Work item |
Within the data below, find the string "left" and return each line where it occurs.

Material for this exercise |
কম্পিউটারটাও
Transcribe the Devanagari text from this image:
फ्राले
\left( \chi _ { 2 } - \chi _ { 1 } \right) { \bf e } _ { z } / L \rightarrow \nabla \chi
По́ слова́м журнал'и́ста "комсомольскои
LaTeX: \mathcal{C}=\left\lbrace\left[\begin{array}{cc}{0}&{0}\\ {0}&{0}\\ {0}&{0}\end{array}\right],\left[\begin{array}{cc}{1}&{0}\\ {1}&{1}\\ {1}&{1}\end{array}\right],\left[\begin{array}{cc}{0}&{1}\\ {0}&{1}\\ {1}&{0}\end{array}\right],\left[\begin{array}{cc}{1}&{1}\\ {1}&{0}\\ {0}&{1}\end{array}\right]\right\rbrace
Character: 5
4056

---

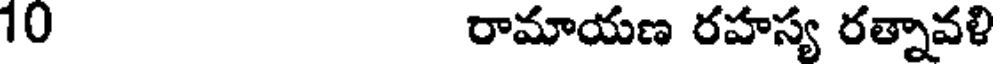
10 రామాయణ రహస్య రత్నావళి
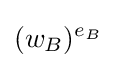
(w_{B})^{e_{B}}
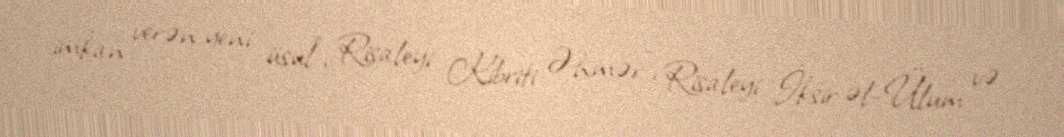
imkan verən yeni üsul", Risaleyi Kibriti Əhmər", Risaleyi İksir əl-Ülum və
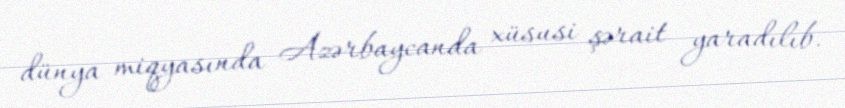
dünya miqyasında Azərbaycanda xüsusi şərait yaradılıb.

Output below |
\left( \chi _ { 2 } - \chi _ { 1 } \right) { \bf e } _ { z } / L \rightarrow \nabla \chi
LaTeX: \mathcal{C}=\left\lbrace\left[\begin{array}{cc}{0}&{0}\\ {0}&{0}\\ {0}&{0}\end{array}\right],\left[\begin{array}{cc}{1}&{0}\\ {1}&{1}\\ {1}&{1}\end{array}\right],\left[\begin{array}{cc}{0}&{1}\\ {0}&{1}\\ {1}&{0}\end{array}\right],\left[\begin{array}{cc}{1}&{1}\\ {1}&{0}\\ {0}&{1}\end{array}\right]\right\rbrace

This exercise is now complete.